■ Exercise requirements:
Look below for the line that has "que a gente". Set down the lines from there through the line that has "actuales nacionales e", exactly as written.

BEGIN Data to examine

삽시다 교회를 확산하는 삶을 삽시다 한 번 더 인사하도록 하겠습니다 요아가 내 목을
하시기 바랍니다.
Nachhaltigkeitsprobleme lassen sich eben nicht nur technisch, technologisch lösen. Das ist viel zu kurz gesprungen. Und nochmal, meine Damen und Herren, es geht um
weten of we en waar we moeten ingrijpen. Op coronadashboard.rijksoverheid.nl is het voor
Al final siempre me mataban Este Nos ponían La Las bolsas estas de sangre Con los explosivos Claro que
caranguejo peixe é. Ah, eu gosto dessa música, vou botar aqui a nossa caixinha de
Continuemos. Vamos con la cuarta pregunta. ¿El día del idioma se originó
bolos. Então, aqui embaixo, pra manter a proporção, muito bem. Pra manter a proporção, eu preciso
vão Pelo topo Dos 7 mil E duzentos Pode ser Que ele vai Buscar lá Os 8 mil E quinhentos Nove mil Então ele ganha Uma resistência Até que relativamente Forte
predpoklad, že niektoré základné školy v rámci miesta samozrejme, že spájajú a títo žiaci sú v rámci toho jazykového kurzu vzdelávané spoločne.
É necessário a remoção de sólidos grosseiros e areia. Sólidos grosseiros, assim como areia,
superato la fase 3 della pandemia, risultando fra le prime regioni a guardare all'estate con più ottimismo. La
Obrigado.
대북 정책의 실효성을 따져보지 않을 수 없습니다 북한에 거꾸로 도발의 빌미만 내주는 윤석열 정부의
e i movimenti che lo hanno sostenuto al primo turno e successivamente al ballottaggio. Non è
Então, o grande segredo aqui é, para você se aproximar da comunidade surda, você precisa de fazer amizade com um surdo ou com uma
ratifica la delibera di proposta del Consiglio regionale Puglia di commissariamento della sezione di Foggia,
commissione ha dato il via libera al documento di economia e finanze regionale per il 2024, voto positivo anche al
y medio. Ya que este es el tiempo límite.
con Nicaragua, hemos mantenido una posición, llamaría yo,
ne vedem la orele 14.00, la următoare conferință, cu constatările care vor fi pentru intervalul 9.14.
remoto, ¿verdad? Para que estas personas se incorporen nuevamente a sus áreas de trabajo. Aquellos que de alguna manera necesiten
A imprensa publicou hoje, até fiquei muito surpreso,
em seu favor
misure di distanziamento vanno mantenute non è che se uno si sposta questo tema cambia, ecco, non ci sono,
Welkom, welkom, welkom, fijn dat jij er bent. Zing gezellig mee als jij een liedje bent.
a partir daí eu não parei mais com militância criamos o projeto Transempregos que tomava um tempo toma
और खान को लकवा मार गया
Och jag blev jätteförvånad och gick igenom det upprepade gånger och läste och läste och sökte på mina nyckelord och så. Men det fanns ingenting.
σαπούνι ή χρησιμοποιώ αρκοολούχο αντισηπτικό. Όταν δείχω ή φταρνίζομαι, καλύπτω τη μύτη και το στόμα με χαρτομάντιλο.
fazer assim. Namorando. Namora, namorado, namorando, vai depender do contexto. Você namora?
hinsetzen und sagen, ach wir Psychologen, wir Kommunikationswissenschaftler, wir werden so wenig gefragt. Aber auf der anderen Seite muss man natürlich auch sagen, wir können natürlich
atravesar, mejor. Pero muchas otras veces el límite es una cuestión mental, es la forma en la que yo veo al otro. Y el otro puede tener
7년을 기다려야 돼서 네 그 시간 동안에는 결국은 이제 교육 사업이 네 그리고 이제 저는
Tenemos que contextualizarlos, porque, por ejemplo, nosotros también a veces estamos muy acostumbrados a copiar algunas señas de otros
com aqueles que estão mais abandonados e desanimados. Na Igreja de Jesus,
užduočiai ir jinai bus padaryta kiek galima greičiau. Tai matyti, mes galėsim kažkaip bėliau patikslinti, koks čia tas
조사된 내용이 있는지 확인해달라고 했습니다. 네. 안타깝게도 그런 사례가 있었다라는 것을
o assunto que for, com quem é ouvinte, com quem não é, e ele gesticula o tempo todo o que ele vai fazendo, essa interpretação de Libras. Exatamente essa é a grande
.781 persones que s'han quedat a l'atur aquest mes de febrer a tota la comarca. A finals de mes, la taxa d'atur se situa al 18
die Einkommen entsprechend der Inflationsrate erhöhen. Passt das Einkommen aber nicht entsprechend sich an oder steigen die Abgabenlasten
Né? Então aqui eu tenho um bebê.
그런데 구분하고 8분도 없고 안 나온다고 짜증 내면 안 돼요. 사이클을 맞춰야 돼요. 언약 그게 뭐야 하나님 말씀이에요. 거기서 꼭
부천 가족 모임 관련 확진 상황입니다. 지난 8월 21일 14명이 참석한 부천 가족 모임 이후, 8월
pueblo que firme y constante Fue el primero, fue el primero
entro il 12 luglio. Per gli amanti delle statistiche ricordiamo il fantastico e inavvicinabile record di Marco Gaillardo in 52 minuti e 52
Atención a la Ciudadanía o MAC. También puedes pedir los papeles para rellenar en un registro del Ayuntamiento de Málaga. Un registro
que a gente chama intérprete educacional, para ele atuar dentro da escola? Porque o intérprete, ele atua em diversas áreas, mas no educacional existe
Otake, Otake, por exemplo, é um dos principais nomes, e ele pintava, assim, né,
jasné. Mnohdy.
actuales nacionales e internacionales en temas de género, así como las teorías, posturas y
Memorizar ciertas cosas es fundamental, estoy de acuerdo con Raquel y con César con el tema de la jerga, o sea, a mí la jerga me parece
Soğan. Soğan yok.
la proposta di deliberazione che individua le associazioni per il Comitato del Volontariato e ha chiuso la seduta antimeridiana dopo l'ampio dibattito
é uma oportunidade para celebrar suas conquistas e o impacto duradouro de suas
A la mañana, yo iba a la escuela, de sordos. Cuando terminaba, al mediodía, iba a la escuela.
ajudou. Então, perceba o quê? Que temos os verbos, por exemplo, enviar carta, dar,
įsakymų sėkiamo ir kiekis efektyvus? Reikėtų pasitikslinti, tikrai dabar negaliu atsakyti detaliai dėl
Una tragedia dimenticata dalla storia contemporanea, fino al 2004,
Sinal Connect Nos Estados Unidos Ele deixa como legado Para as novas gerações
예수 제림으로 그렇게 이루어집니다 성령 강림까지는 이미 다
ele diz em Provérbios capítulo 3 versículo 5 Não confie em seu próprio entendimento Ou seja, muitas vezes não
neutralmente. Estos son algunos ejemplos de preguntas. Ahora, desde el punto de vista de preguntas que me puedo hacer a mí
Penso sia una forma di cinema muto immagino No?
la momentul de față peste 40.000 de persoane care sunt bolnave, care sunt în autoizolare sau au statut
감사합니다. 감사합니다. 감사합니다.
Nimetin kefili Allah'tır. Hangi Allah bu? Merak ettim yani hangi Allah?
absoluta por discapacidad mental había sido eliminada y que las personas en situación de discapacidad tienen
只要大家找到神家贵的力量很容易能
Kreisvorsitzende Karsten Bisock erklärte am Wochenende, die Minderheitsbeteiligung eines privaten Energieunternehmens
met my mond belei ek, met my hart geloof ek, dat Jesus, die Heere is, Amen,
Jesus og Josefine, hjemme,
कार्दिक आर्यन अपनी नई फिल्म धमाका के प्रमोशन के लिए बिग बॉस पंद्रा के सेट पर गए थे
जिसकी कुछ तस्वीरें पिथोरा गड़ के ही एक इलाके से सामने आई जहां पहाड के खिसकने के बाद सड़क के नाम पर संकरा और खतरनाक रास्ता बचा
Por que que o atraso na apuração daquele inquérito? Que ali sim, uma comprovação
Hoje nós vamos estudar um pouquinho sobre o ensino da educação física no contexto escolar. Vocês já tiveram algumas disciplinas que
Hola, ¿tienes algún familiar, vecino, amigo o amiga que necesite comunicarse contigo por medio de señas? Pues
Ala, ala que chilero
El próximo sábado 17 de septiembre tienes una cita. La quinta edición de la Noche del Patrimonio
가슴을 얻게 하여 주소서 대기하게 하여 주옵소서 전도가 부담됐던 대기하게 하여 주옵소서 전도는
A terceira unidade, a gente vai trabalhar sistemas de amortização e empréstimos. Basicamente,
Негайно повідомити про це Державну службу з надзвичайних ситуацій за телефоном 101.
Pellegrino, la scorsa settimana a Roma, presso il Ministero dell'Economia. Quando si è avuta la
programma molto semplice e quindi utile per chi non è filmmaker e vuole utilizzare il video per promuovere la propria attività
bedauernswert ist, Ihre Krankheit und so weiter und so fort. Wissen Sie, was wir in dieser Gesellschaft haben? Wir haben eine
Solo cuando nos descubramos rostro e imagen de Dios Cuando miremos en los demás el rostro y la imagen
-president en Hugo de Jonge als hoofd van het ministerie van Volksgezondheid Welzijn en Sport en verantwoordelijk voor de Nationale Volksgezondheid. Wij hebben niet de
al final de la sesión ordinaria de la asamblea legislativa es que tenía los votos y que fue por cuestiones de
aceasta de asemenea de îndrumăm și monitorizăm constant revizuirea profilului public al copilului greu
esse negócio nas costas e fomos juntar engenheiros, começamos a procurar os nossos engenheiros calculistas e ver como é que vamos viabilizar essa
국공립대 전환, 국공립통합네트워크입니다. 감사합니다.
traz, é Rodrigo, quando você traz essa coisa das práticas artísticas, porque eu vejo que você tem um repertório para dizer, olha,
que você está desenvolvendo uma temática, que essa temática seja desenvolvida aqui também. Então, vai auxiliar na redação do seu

END Data to examine

■ Answer space:
que a gente chama intérprete educacional, para ele atuar dentro da escola? Porque o intérprete, ele atua em diversas áreas, mas no educacional existe
Otake, Otake, por exemplo, é um dos principais nomes, e ele pintava, assim, né,
jasné. Mnohdy.
actuales nacionales e internacionales en temas de género, así como las teorías, posturas y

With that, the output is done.